De apothekersbond probeert bij de minister de arbeidsvreugde terug te halen nu uw agressie aan de balie de spuigaten uitloopt, maar hoe zit het met uw inzicht in uw zorgkosten?
Nu de apothekersbond u heeft ingepeperd dat er wat schort aan uw agressieregulatie, zij het op basis van een kwestieus onderzoek, en de minister daarom nu wil praten over het herstel van de farmaceutische arbeidsvreugde, is het aardig wat dieper in te gaan op de kostentransparantie, die u tot zulke liederlijke woede drijft.
Apothekers wonden zich erover op dat klanten zich opwonden over de ruim zes euro die ze moeten neertellen voor de uitleg die ze krijgen als ze een nieuw geneesmiddel kopen. Als ze die uitleg niet willen, kunnen ze niet weigeren.
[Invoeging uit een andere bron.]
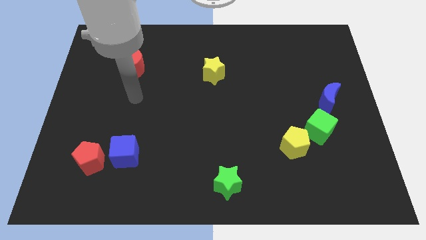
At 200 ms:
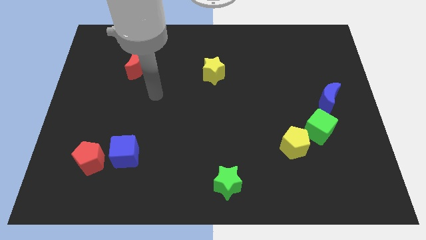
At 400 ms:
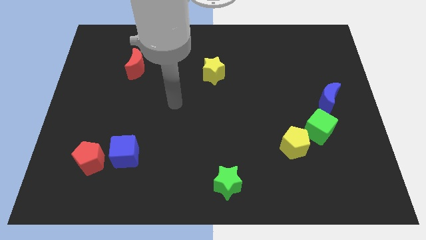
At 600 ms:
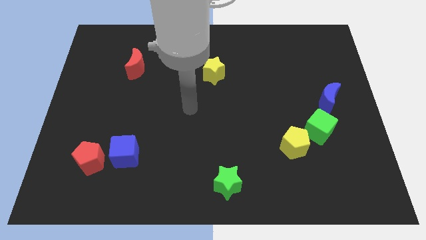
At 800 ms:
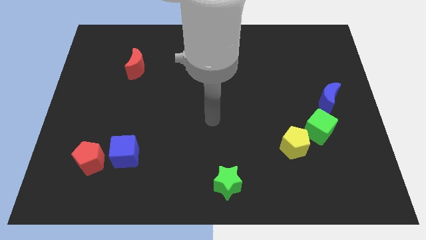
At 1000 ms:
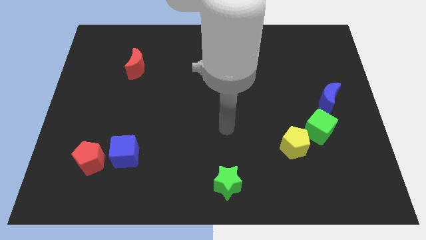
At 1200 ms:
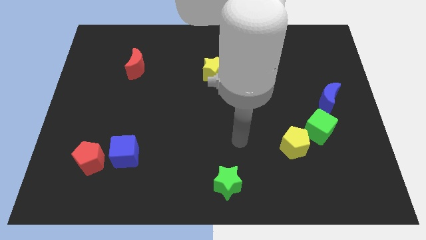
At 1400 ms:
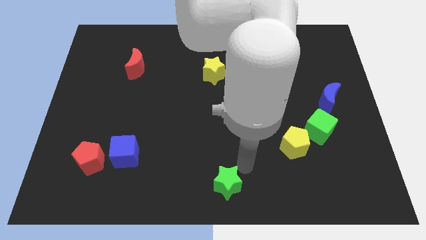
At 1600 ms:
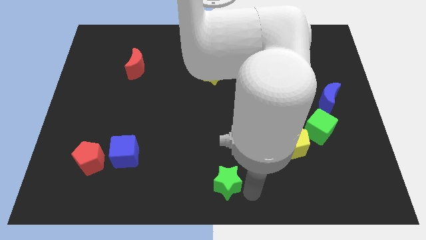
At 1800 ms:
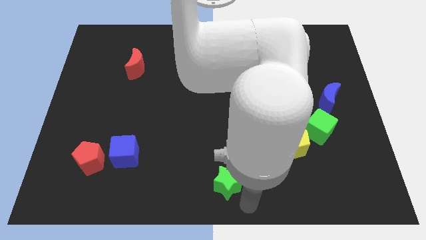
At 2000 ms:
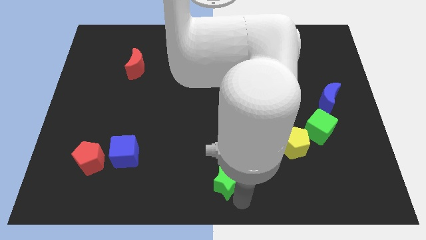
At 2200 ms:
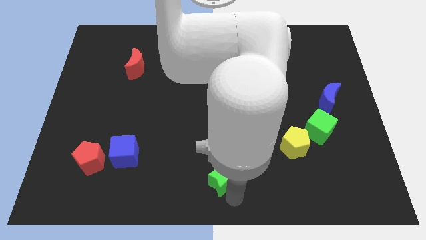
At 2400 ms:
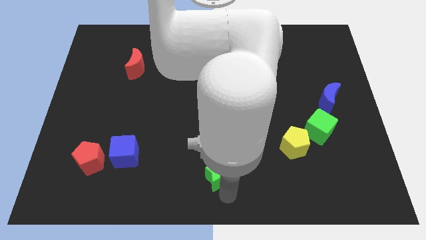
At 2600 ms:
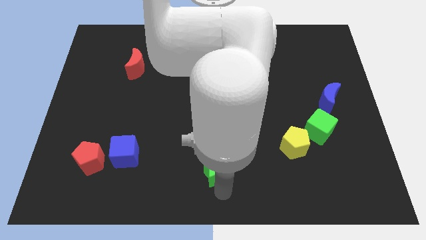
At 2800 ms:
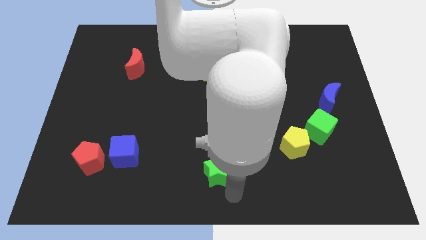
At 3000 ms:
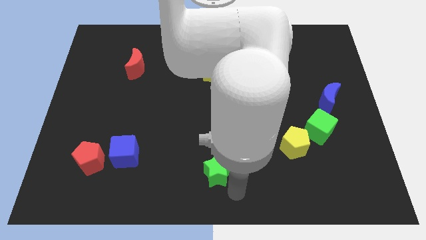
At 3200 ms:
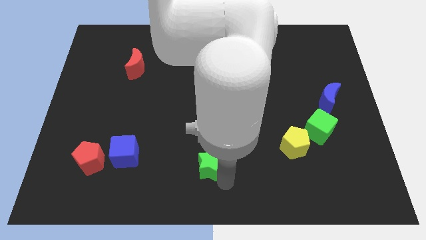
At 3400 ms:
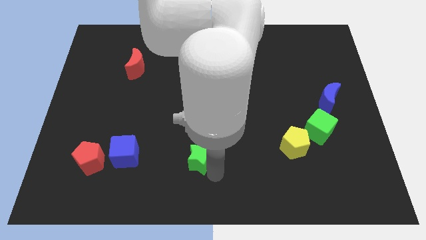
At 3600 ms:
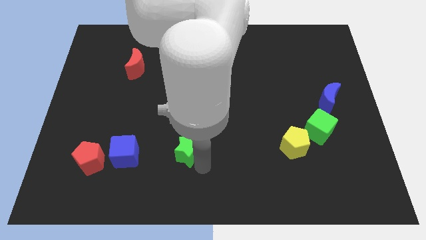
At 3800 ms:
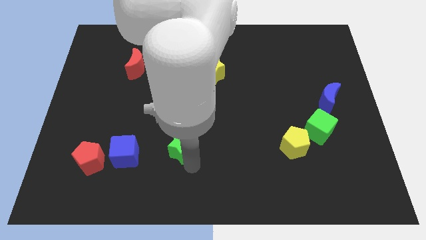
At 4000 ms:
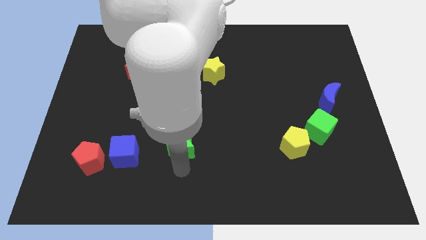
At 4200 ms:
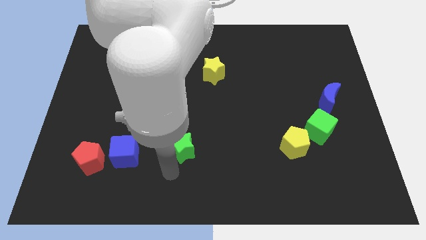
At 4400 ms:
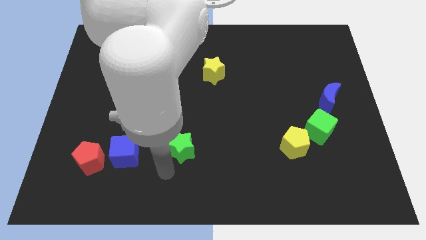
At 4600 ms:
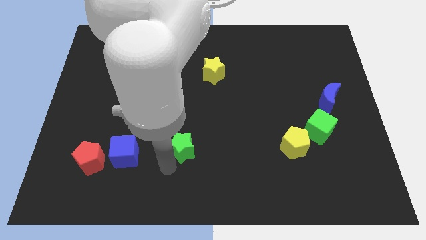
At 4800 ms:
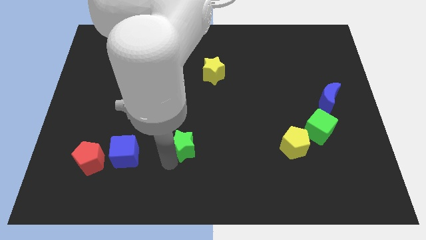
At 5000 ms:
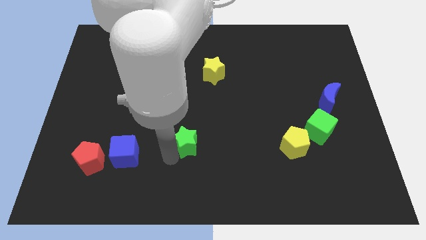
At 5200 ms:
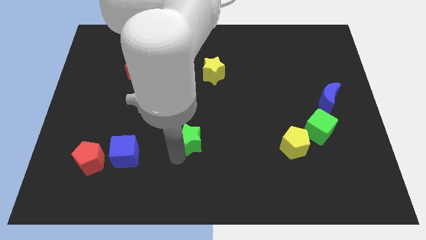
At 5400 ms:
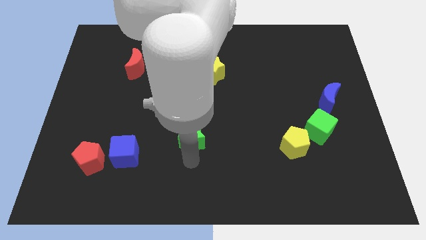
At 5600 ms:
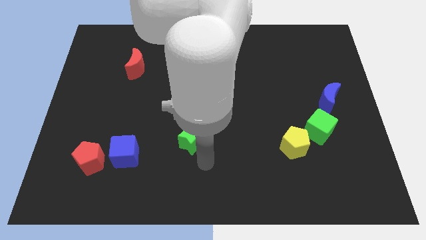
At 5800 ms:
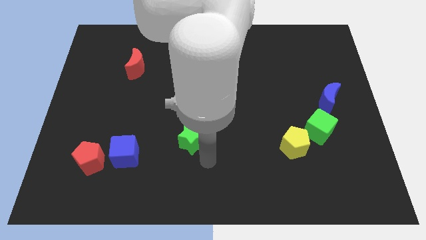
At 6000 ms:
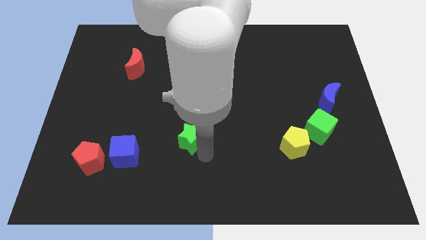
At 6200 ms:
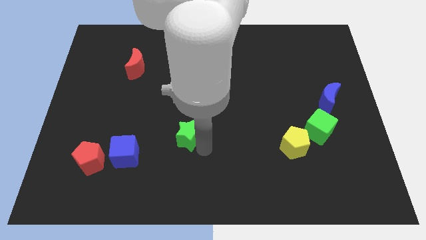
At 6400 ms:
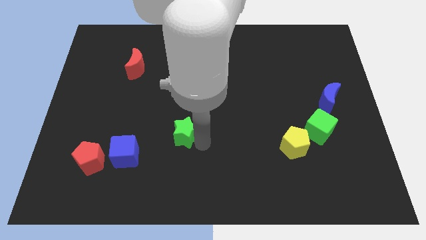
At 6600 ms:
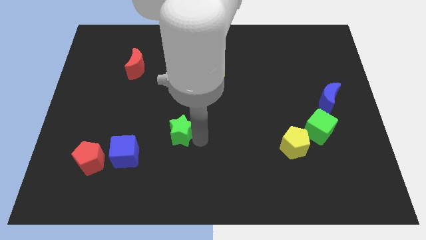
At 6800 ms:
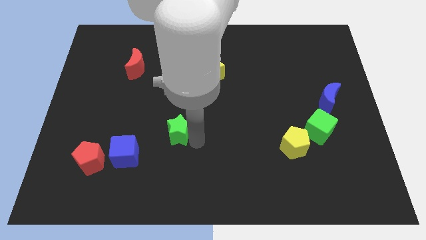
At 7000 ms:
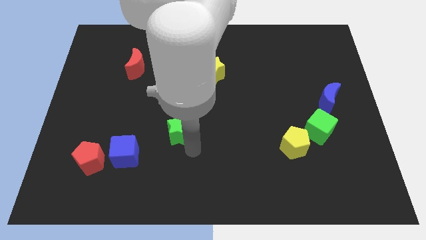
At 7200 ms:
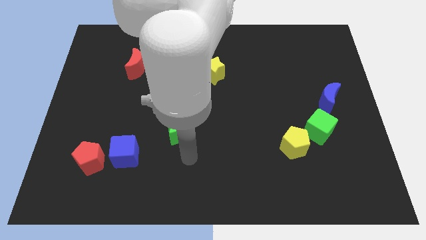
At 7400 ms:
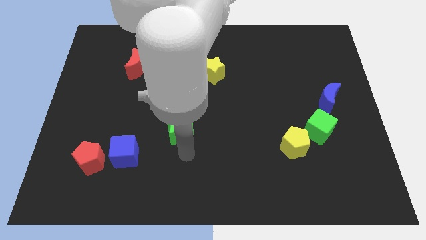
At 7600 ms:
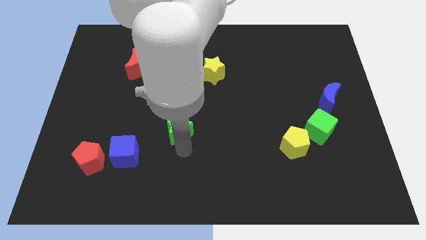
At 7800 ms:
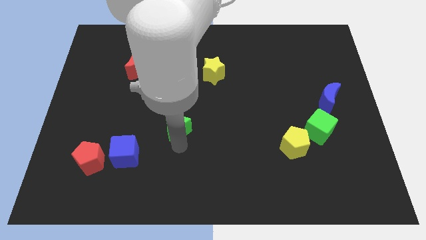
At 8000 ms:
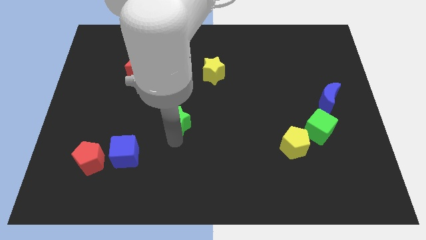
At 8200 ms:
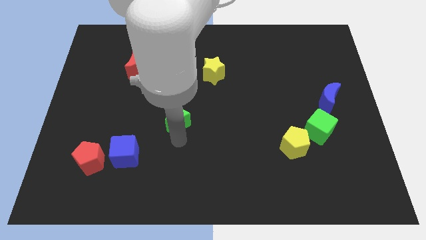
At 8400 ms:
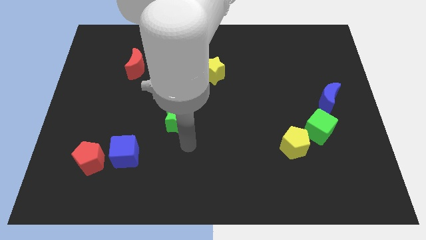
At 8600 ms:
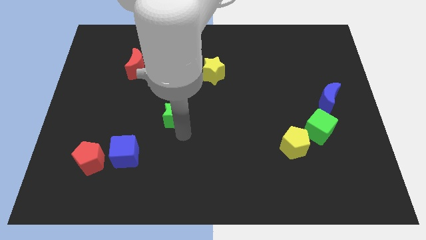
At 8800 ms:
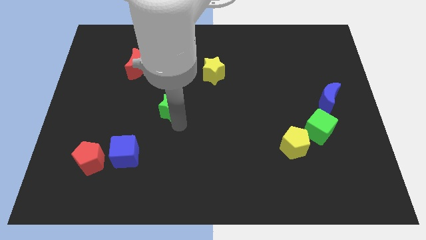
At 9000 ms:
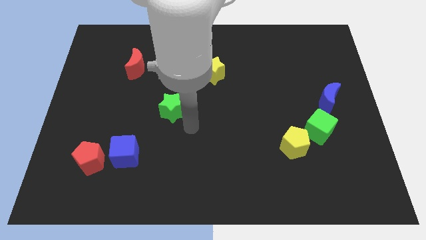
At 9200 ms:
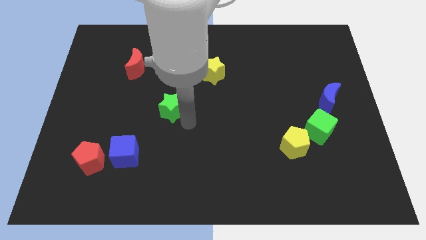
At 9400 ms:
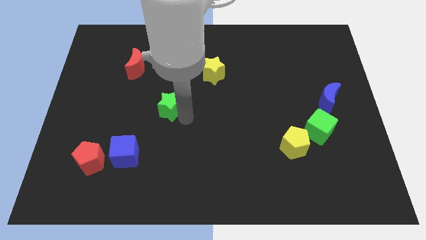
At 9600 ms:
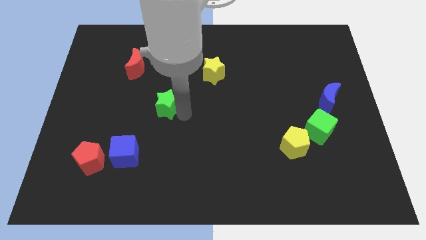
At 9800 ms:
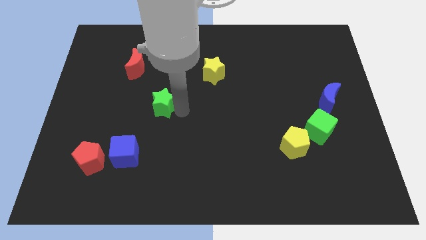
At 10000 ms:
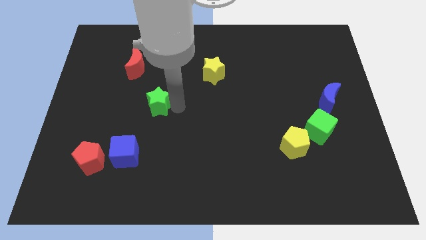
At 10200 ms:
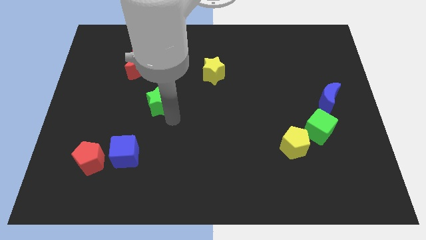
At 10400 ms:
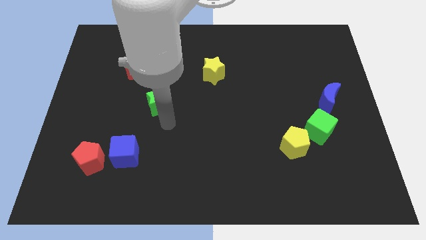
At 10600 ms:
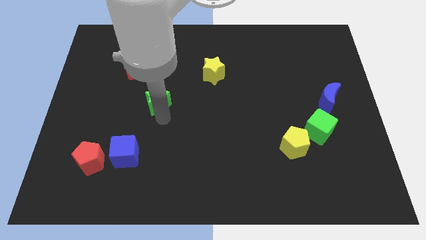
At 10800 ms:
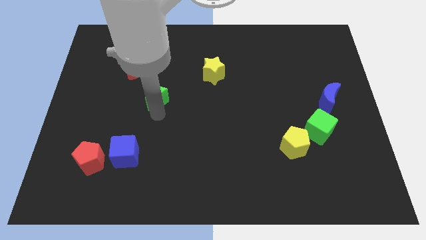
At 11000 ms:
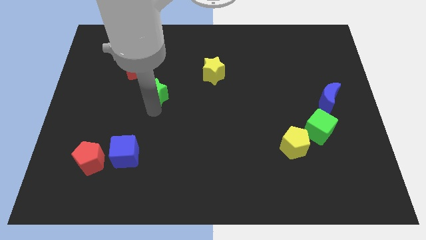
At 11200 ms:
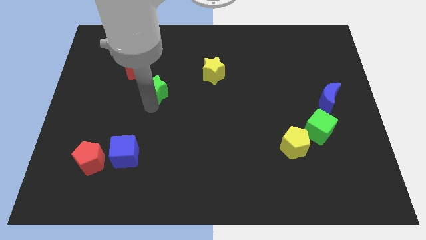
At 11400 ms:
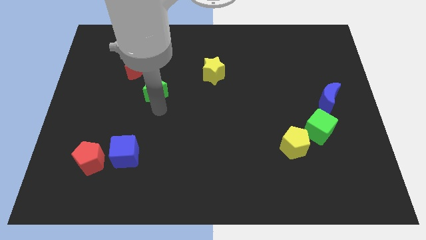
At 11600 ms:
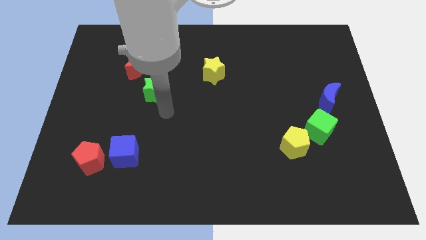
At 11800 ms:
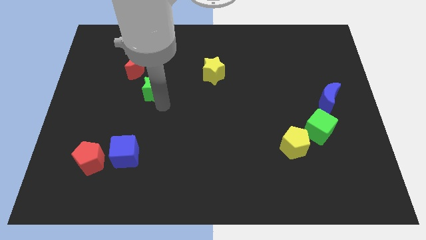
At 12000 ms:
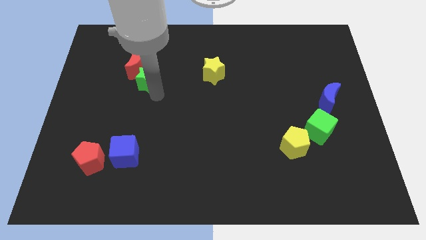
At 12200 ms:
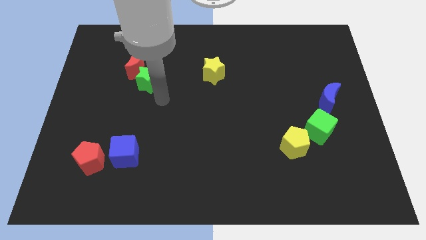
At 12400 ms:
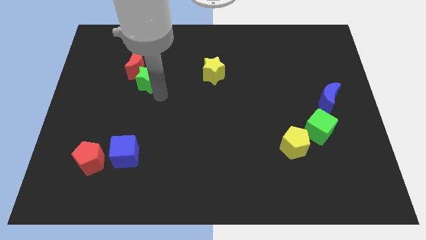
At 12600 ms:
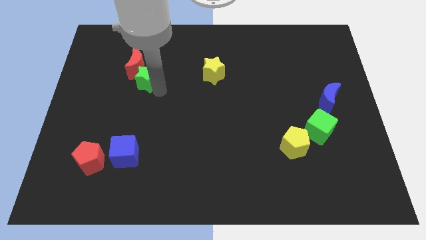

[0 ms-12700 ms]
slide the green star to the red moon

En als ze de uitleg (toch) krijgen, vinden ze wat dan een ‘begeleidingsgesprek nieuw geneesmiddel‘ wordt genoemd, niet in verhouding staan tot wat ze ervoor moeten betalen.
Volgens de Prestatiebeschrijvingbeschikking TB/CU-5075-03 van 17 december 2014 van de Nederlandse Zorgautoriteit (directie Zorgmarkten Cure), moet er voor die zes euro dit gebeuren: “Het houden van een geprotocolleerd begeleidingsgesprek vóór de start van de betreffende farmacotherapie met de patiënt dan wel diens verzorger, waarbij de verwachtingen van de patiënt worden besproken. Aanvullende mondelinge en/of schriftelijke informatie wordt aan de patiënt aangeboden en zo nodig verstrekt. De handelingen worden vastgelegd in het digitale patiëntendossier.”
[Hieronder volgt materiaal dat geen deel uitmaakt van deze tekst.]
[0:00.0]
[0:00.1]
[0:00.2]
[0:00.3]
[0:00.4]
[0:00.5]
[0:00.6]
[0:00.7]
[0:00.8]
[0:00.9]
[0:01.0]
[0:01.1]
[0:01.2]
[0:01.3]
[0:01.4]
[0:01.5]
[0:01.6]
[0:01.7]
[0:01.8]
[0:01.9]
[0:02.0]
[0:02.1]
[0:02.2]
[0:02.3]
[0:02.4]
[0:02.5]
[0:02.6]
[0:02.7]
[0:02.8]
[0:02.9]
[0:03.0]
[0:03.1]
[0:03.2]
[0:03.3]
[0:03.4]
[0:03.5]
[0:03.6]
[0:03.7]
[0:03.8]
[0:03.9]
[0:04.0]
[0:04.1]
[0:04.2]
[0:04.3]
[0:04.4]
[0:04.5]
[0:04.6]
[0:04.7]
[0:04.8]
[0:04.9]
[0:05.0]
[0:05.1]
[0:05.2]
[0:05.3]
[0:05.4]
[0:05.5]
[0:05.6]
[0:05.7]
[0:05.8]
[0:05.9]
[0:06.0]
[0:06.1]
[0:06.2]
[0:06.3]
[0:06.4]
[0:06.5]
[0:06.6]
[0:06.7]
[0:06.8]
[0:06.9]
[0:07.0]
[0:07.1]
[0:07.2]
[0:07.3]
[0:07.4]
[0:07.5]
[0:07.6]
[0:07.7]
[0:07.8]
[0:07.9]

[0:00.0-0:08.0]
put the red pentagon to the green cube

Wellicht kunt u dus in plaats van de assistente bruut over de toonbank trekken beter eens een uitdraai van uw digitale dossier vragen om te checken of alles correct is vastgelegd (heeft u als uw verwachting uitgesproken dat het pilletje zal helpen en staat dat erin?, is aanvullende informatie aangeboden?, en vervolgens zo nodig ook verstrekt?) en zo niet de post in het declaratieoverzicht aanvechten. Is zeggen dat het middel drie maal daags moet worden ingenomen overigens aanvullend als dat ook al op het etiket staat?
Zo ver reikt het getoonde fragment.